**HOW TO COMPLETE THIS TASK:** Every entry that follows is to be duplicated exactly.

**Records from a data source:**

· · · ·

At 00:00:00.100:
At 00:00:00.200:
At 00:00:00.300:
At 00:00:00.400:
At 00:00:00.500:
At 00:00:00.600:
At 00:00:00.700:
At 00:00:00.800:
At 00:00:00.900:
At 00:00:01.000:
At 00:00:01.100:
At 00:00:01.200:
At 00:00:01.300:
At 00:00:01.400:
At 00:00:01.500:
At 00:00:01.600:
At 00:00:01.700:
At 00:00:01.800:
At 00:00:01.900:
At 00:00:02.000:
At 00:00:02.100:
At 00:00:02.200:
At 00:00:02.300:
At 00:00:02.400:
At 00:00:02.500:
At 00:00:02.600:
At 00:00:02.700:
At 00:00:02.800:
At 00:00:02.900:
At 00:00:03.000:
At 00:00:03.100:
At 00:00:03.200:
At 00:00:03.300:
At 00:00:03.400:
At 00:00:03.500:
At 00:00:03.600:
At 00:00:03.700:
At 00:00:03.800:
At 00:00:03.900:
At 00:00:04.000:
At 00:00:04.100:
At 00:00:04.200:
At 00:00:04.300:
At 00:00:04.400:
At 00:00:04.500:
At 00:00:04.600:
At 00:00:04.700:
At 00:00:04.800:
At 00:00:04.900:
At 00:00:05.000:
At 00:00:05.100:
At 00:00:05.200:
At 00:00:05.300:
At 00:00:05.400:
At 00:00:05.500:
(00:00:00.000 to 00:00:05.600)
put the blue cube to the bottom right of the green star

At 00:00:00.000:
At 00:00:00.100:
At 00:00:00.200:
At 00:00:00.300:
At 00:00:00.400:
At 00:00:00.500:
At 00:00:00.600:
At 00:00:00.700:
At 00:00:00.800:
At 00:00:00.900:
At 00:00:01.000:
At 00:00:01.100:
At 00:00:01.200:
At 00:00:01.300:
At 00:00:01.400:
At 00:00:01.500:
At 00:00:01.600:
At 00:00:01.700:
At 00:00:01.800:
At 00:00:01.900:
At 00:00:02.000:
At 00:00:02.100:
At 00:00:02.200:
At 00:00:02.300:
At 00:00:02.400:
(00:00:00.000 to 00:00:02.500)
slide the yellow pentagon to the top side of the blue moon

· · · ·

**TASK RESULT:**
At 00:00:00.100:
At 00:00:00.200:
At 00:00:00.300:
At 00:00:00.400:
At 00:00:00.500:
At 00:00:00.600:
At 00:00:00.700:
At 00:00:00.800:
At 00:00:00.900:
At 00:00:01.000:
At 00:00:01.100:
At 00:00:01.200:
At 00:00:01.300:
At 00:00:01.400:
At 00:00:01.500:
At 00:00:01.600:
At 00:00:01.700:
At 00:00:01.800:
At 00:00:01.900:
At 00:00:02.000:
At 00:00:02.100:
At 00:00:02.200:
At 00:00:02.300:
At 00:00:02.400:
At 00:00:02.500:
At 00:00:02.600:
At 00:00:02.700:
At 00:00:02.800:
At 00:00:02.900:
At 00:00:03.000:
At 00:00:03.100:
At 00:00:03.200:
At 00:00:03.300:
At 00:00:03.400:
At 00:00:03.500:
At 00:00:03.600:
At 00:00:03.700:
At 00:00:03.800:
At 00:00:03.900:
At 00:00:04.000:
At 00:00:04.100:
At 00:00:04.200:
At 00:00:04.300:
At 00:00:04.400:
At 00:00:04.500:
At 00:00:04.600:
At 00:00:04.700:
At 00:00:04.800:
At 00:00:04.900:
At 00:00:05.000:
At 00:00:05.100:
At 00:00:05.200:
At 00:00:05.300:
At 00:00:05.400:
At 00:00:05.500:
(00:00:00.000 to 00:00:05.600)
put the blue cube to the bottom right of the green star

At 00:00:00.000:
At 00:00:00.100:
At 00:00:00.200:
At 00:00:00.300:
At 00:00:00.400:
At 00:00:00.500:
At 00:00:00.600:
At 00:00:00.700:
At 00:00:00.800:
At 00:00:00.900:
At 00:00:01.000:
At 00:00:01.100:
At 00:00:01.200:
At 00:00:01.300:
At 00:00:01.400:
At 00:00:01.500:
At 00:00:01.600:
At 00:00:01.700:
At 00:00:01.800:
At 00:00:01.900:
At 00:00:02.000:
At 00:00:02.100:
At 00:00:02.200:
At 00:00:02.300:
At 00:00:02.400:
(00:00:00.000 to 00:00:02.500)
slide the yellow pentagon to the top side of the blue moon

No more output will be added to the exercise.